(Stored items)
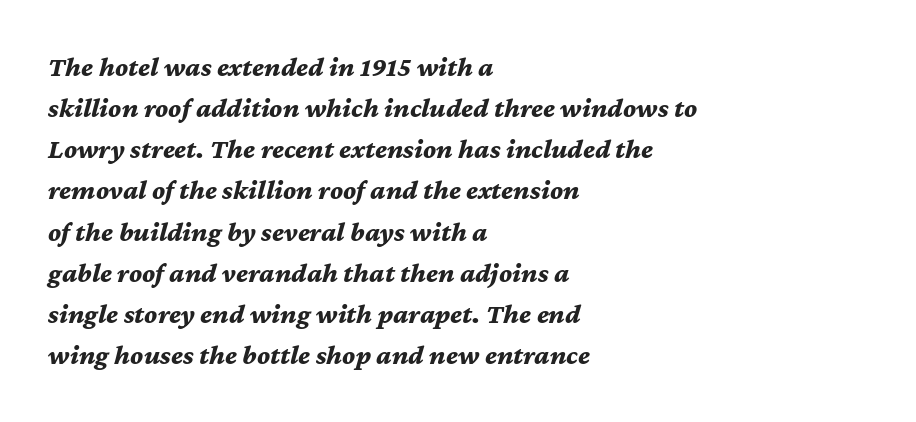
Q: Is the text bold? A: Yes.
Q: Is the text italic (slanted)? A: Yes, it leans right by about 12 degrees.
Q: Is the text underlined? A: No.
Q: How is the paragraph aligned? A: Left-aligned.
Q: Is the spacing between letters normal or unusually wide? A: Normal.
Q: Is the spacing between lines tight, normal or loose? A: Normal.
Q: Width (condensed, normal, or wide)? A: Normal.
Q: Stroke contrast? A: Medium.
Q: x-height? A: Medium.
Q: Monospaced? A: No.
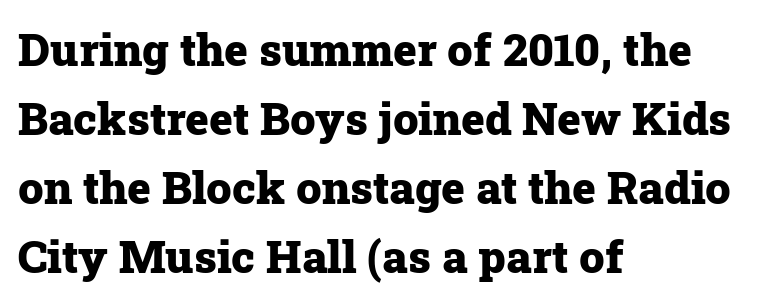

Task directions: From the first line to the last, return the records exactly and leave the pictures behind.

Task result:
Q: Is the text bold? A: Yes.
Q: Is the text italic (slanted)? A: Yes, it leans right by about 12 degrees.
Q: Is the text underlined? A: No.
Q: How is the paragraph aligned? A: Left-aligned.
Q: Is the spacing between letters normal or unusually wide? A: Normal.
Q: Is the spacing between lines tight, normal or loose? A: Normal.
Q: Width (condensed, normal, or wide)? A: Normal.
Q: Stroke contrast? A: Medium.
Q: x-height? A: Medium.
Q: Monospaced? A: No.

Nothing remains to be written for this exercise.